Torchvision doesn't have a fancy underlying base class for image manipulation and only requires that __call__ is implemented
Sampler, the base class for all of the torch.utils.data sampler layers similarly descends directly from object and simply requires that iter and __len__ are implemented. Torchvision preprocessors are designed for use for generic images rather than medical data, and so we don't propose that the library should be part of the prerequisites for MONAI, but our layers should be compatible unless there is a show-stopping reason uncovered in the design process as to why they shouldn't be. It is likely that people with existing codebases who want to adopt MONAI will be doing so for medical-data-specific preprocessors. Making our preprocessors compatible with torchvision helpers such as Compose is therefore desirable.

Our design choices are therefore as follows:

Implement preprocessing layers on the core of torchvision
Implement torchvision like functionality
Determine that there is a better way to handle preprocessing that is better suited to medical data

Design questions

What is 'vanilla' in terms of preprocessors?

A vanilla pytorch preprocessor pipeline looks like the following:

A subclass of torch.Dataset is created to contain the necessary state for the set of transforms to be performed
- Standard subclasses of torch.Dataset, torch.IterableDataset and torch.MapDataset can be subclassed instead of the base Dataset class
This is passed to an instance of torch.Dataloader to be executed
torchvision.Compose is typically used to create a pipeline of preprocessor stages; this is typically what is passed to the transform argument of the Dataset derived subclass
- For more complex pipelines, torchvision.transforms.functional can be used (TODO: example here)

Without Compose

Returning tuples

# 1. load returns tuple; normalise takes single arg; deform takes image and matrix
t = load(f)
i = normalise(t[0])
t = deform(i, t[1])

# 2. load returns tuple; normalise takes *args, deform takes *args
t = load(f)
t = normalise(*t)
t = deform(t)

# 3. load returns tuple; normalise takes single arg; deform takes image and matrix
i, m = load(f)
i = normalise(i)
i, m = deform(i, m)

Return dicts

# 4. load returns dict, normalise takes single arg; deform takes image and matrix and returns dict
d = load(f)
d['image'] = normalise(d['image'])
d = deform(d)

# 5. load returns dict, normalise takes **kwargs, deform takes **kwargs and returns dict#
d = load(f)
d = normalise(d)
d = deform(d)

Take dict as parameter and return dict

# 6. load returns dict, all methods take and return dicts
d = load(f)
d = normalise(d)
d = image(d)
d = matrix(d)

Without 'Compose', the cleanest syntax is achieved through implementing all transforms as vanilla function calls, but this is not typical.

Use of Compose

As mentioned, transform libraries tend to have Compose functionality that places strong design constraints on the transforms that those libraries have. The different approaches taken mean that it is hard to take a single approach that also somehow avoids any cognitive burden on the transform writer

torchvision transforms are all implemented so that __call__ takes a single argument and returns a single argument. torchvision.transforms.Compose is implemented with this assumption in mind.

def __call__(self, img):
    for t in self.transforms:
        img = t(img)
    return img

Other libraries do not restrict themselves to this convention, and indeed, it isn't necessarily desirable to do so.

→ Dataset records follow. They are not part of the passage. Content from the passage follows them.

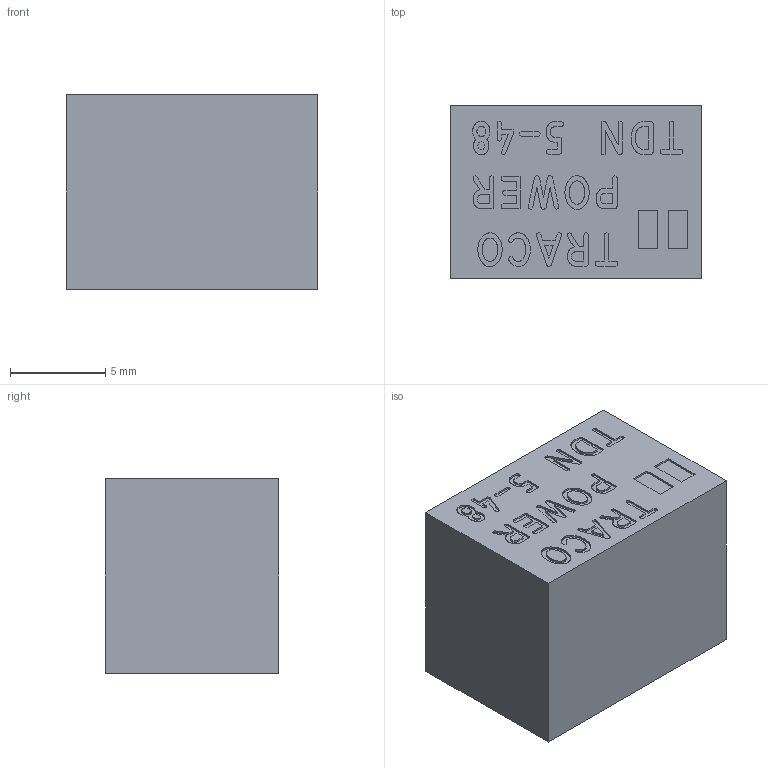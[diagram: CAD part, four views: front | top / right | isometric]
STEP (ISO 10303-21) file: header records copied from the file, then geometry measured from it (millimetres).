
FILE_DESCRIPTION(('STEP AP214'), '1');
FILE_NAME('TDN 5-4811WI', '', ('UNSPECIFIED'), ('UNSPECIFIED'), 'ASCON STEP Converter 1.6', 'ASCON Math Kernel', '');
FILE_SCHEMA(('AUTOMOTIVE_DESIGN { 1 0 10303 214 3 1 1}'));
Length unit declared in the file: millimetre
Products named in the file (1): TDN 5-4811WI
Bounding box: 13.2 x 9.1 x 10.2 mm (x, y, z)
Volume: 1223.3 mm3; surface area: 708.9 mm2
Topology: 1 solids, 1 shells, 773 faces, 2229 edges, 1486 vertices
Faces by surface type: cylinder 432, plane 341
Entity records: 31915 total; most frequent: DIRECTION 4641, CARTESIAN_POINT 4489, ORIENTED_EDGE 4458, EDGE_CURVE 2229, AXIS2_PLACEMENT_3D 1638, VERTEX_POINT 1486, LINE 1365, VECTOR 1365

Within the medical deep learning space MIC-DKFZ/batchgenerators takes an approach where each transform takes a dictionary and returns a dictionary. It therefore has to provide its own Compose function, that passes **kwargs to the __call__ methods of the transforms being composed.

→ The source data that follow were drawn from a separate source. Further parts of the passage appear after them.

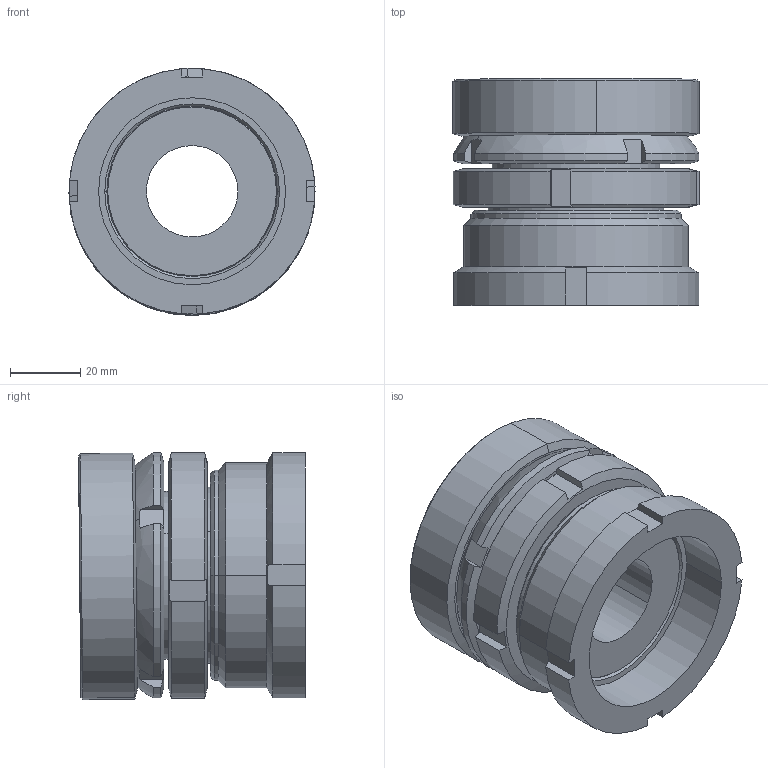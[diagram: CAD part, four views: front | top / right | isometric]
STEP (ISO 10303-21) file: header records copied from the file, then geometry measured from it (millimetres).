
FILE_DESCRIPTION (( 'STEP AP214' ), '1' );
FILE_NAME ('KAEK 50-26 0-0.STEP', '2015-08-18T15:38:43', ( '' ), ( '' ), 'SwSTEP 2.0', 'SolidWorks 2015', '' );
FILE_SCHEMA (( 'AUTOMOTIVE_DESIGN' ));
Length unit declared in the file: millimetre
Products named in the file (5): NAE 50 2-0 A1; KAS 50 2-0 A1; KAEK 50-26 0-0; KM 50-0 A1; KAE 50-26 1-0 A1
Assembly tree (4 placements, depth 2):
  KAEK 50-26 0-0
    NAE 50 2-0 A1
    KAS 50 2-0 A1
    KAE 50-26 1-0 A1
    KM 50-0 A1
Bounding box: 70.01 x 64.53 x 70.35 mm (x, y, z)
Volume: 163712.8 mm3; surface area: 48778.6 mm2
Topology: 4 solids, 4 shells, 132 faces, 316 edges, 198 vertices
Faces by surface type: plane 50, cylinder 42, cone 30, torus 6, sphere 4
Entity records: 4272 total; most frequent: CARTESIAN_POINT 921, DIRECTION 678, ORIENTED_EDGE 632, EDGE_CURVE 316, AXIS2_PLACEMENT_3D 279, VERTEX_POINT 198, EDGE_LOOP 146, CIRCLE 140

def __call__(self, **data_dict):
    for t in self.transforms:
        data_dict = t(**data_dict)
    return data_dict

When layers are written to take dictionaries explicitly, we are back to being able to use torchvision's Compose functionality again provided that all transforms take and receive dictionaries.

In fact, without adaptor wrappers for transforms, there isn't a way to universally mix and patch transforms with different call philosophies.

Canonical preprocessor formats

Given a dictionary approach, a canonical form for preprocessor functions that pass through other arguments unaltered will look something like the following:

def deform(image, tx, **okwargs):
    image = #work on image
    tx = #work on tx

    args = dict(okwargs)
    args.update({'image': a, 'tx': b})
    return args

The dictionary approach also makes it harder to work with non-dictionary based transforms that don't pass unused arguments through. For these, an adaptor of some kind might be required:

def adaptor(fn, in_names, out_names):
  to = {}
  for n in in_names:
    to[n[1]] = args[n[0]]

  # call a function that is not setup to handle *args/**kwargs
  res = fn(**to)

  # copy the args so we aren't destructively changing collections
  args = dict(args)

  # handle the different return types - this might need more workers
  if isinstance(res, (list, tuple)):
    for k,v in zip(rtn_names, res):
      args[k] = v
  elif isinstance(res, dict):
    modres = {rtn_names[k] if k in rtn_names else k:v for k,v in res.items()}
    args = args.copy()
    args.update(mod_res)
  else:
    args[rtn_names] = res

  return args

A more radical alternative to Compose

Looking at the different design trade-offs when writing transforms, it becomes apparent is that Compose forces most of the complexities onto transforms. Consider a situation where some transforms are applied to image data only and some are applied to both image data and segmentation:

  Compose([
    MRISegDataset(...), # t is a dictionary that contains 'image' and 'seg' keywords
    Normalise(...), # applied to image only
    Rotate(...), # applied to image and seg
    Flip(...) # applied to image and seg
  ])

The complexity here arises because we force a linear dataflow onto a non-linear set of function calls. We do this because we want those calls to be invoked by the DataLoader, potentially on multiple threads and in a way that takes advantage of IO completion.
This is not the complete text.